- _WHAT IS REQUIRED_
Return, without pictures, the lines from the start of the data through the one that contains "FILE_DESCRIPTION (( 'STEP AP203' ), '1' );".

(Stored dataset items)
***

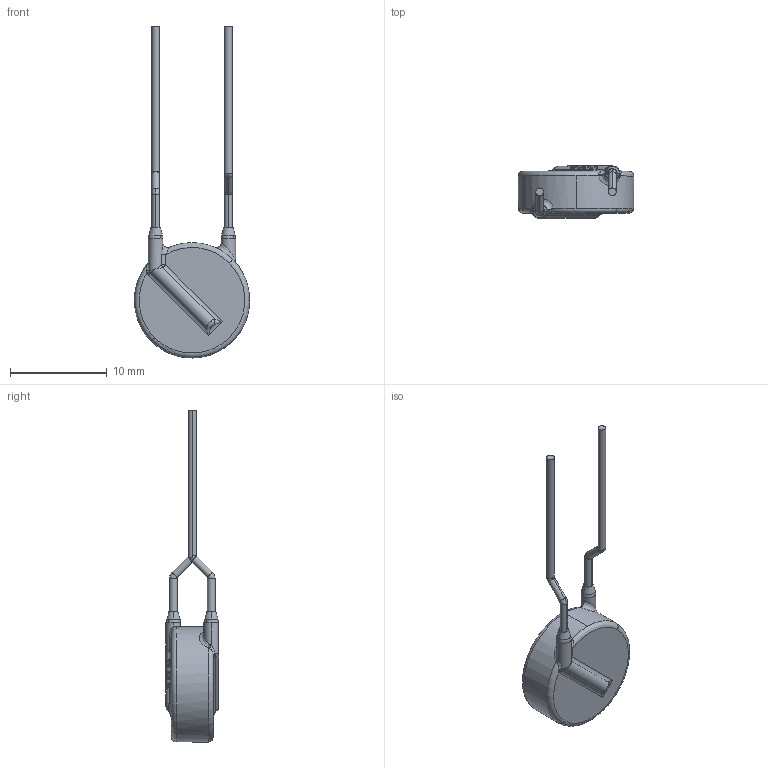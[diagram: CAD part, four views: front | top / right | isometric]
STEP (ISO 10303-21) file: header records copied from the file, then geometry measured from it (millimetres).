
FILE_DESCRIPTION (( 'STEP AP203' ), '1' );
FILE_NAME ('ISOM3-xxxMT_L2.STEP', '2021-07-07T20:10:37', ( '' ), ( '' ), 'SwSTEP 2.0', 'SolidWorks 2020', '' );
FILE_SCHEMA (( 'CONFIG_CONTROL_DESIGN' ));
Length unit declared in the file: inch
Products named in the file (9): GLASS_10-1; EPOKSI_K10_160; ISOM3-xxxMT_L2; ISOMOV_K10__14-701-1010_1_5_; EPOXY_AF0_SOLID_2; WIRE_AF0_SOLID_2; ISOMOV_K10__14-701-1010_1_5_-1; GLASS_10; WIRE_AF0_SOLID_1
Assembly tree (8 placements, depth 2):
  ISOM3-xxxMT_L2
    WIRE_AF0_SOLID_1
    WIRE_AF0_SOLID_2
    ISOMOV_K10__14-701-1010_1_5_
    GLASS_10
    GLASS_10-1
    ISOMOV_K10__14-701-1010_1_5_-1
    EPOXY_AF0_SOLID_2
    EPOKSI_K10_160
Bounding box: 11.9 x 5.47 x 34.26 mm (x, y, z)
Volume: 810.6 mm3; surface area: 1446.8 mm2
Topology: 8 solids, 8 shells, 1906 faces, 4991 edges, 3310 vertices
Faces by surface type: plane 1540, cylinder 211, bspline 101, cone 32, torus 20, sphere 2
Entity records: 64660 total; most frequent: CARTESIAN_POINT 17857, ORIENTED_EDGE 9978, DIRECTION 8419, EDGE_CURVE 4989, LINE 4023, VECTOR 4023, VERTEX_POINT 3310, AXIS2_PLACEMENT_3D 2198
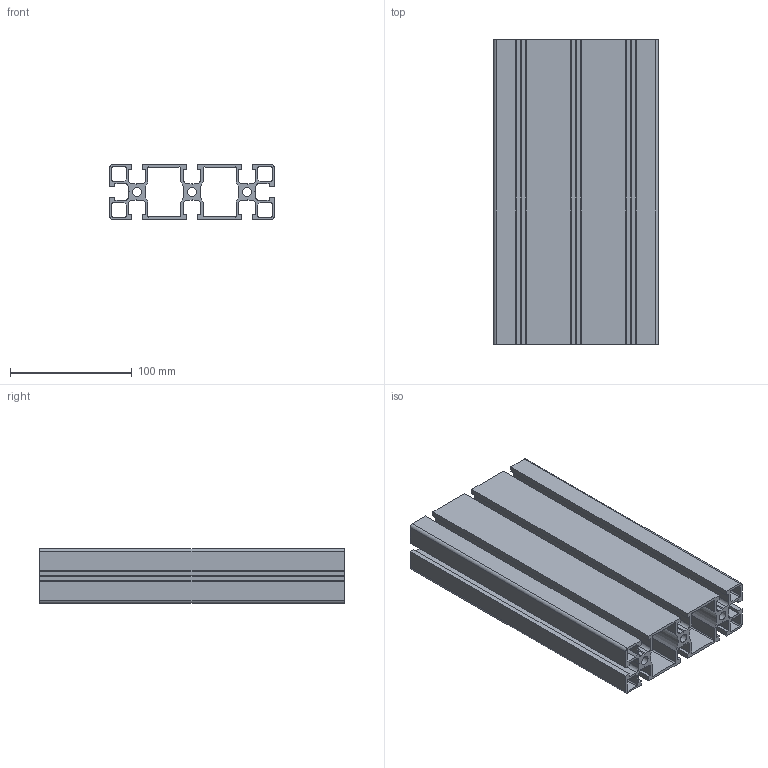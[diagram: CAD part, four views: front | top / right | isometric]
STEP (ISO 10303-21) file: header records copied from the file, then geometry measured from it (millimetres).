
FILE_DESCRIPTION(/* description */ (''),/* implementation_level */ '2;1');
FILE_NAME(/* name */ '10-45132-0 v2.step',/* time_stamp */ '2020-12-03T13:08:31-05:00',/* author */ (''),/* organization */ (''),/* preprocessor_version */ 'ST-DEVELOPER v18.1',/* originating_system */ 'Autodesk Translation Framework v9.3.0.1241',/* authorisation */ '');
FILE_SCHEMA (('AUTOMOTIVE_DESIGN { 1 0 10303 214 3 1 1 }'));
Length unit declared in the file: millimetre
Products named in the file (1): 10-45132-0
Bounding box: 135.14 x 250 x 45 mm (x, y, z)
Volume: 400218.5 mm3; surface area: 302655.6 mm2
Topology: 1 solids, 1 shells, 177 faces, 525 edges, 350 vertices
Faces by surface type: plane 124, cylinder 53
Full cylindrical faces by diameter (mm): 7.4 x3
Entity records: 5974 total; most frequent: CARTESIAN_POINT 1053, ORIENTED_EDGE 1050, DIRECTION 987, EDGE_CURVE 525, LINE 419, VECTOR 419, VERTEX_POINT 350, AXIS2_PLACEMENT_3D 284
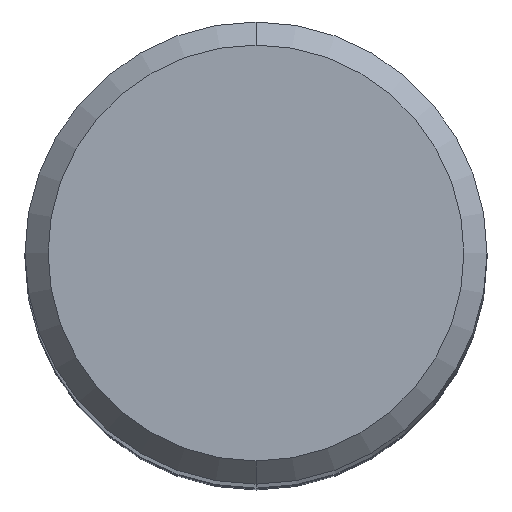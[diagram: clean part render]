
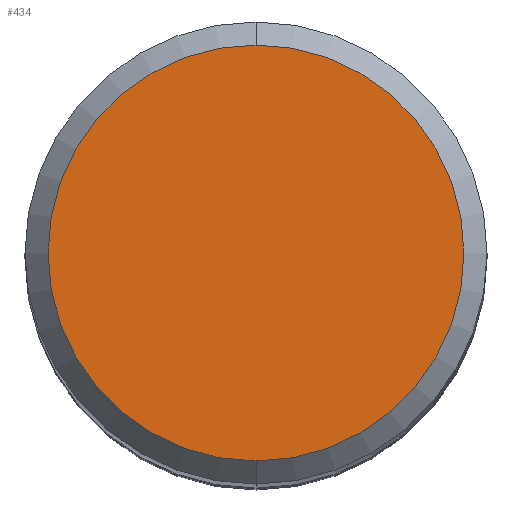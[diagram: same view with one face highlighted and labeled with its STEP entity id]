
A CAD part, top view. The second image highlights one B-rep face of the part: STEP entity #434.
In plain terms, the highlighted planar face has unit normal (0, 0, 1).
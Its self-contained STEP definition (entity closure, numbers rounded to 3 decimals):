
#226=EDGE_CURVE('',#462,#370,#558,.T.);
#370=VERTEX_POINT('',#718);
#414=EDGE_CURVE('',#370,#462,#770,.T.);
#434=ADVANCED_FACE('',(#791),#792,.T.);
#462=VERTEX_POINT('',#823);
#558=CIRCLE('',#943,4.5);
#718=CARTESIAN_POINT('',(0.,-4.5,0.0));
#770=CIRCLE('',#1315,4.5);
#791=FACE_OUTER_BOUND('',#1384,.T.);
#792=PLANE('',#1385);
#823=CARTESIAN_POINT('',(0.0,4.5,0.0));
#943=AXIS2_PLACEMENT_3D('',#1605,#1606,#1607);
#1315=AXIS2_PLACEMENT_3D('',#1842,#1843,#1844);
#1384=EDGE_LOOP('',(#1871,#1872));
#1385=AXIS2_PLACEMENT_3D('',#1873,#1874,#1875);
#1605=CARTESIAN_POINT('',(0.0,0.0,0.0));
#1606=DIRECTION('',(0.0,0.0,-1.0));
#1607=DIRECTION('',(0.0,1.0,0.0));
#1842=CARTESIAN_POINT('',(0.0,0.0,0.0));
#1843=DIRECTION('',(0.0,0.0,-1.0));
#1844=DIRECTION('',(0.0,1.0,0.0));
#1871=ORIENTED_EDGE('',*,*,#226,.F.);
#1872=ORIENTED_EDGE('',*,*,#414,.F.);
#1873=CARTESIAN_POINT('',(0.0,2.25,0.0));
#1874=DIRECTION('',(-0.0,0.0,1.0));
#1875=DIRECTION('',(0.0,-1.0,0.0));

***

- _EXERCISE RESPONSE_
[diagram: CAD part, four views: front | top / right | isometric]
STEP (ISO 10303-21) file: header records copied from the file, then geometry measured from it (millimetres).
FILE_DESCRIPTION (( 'STEP AP203' ), '1' );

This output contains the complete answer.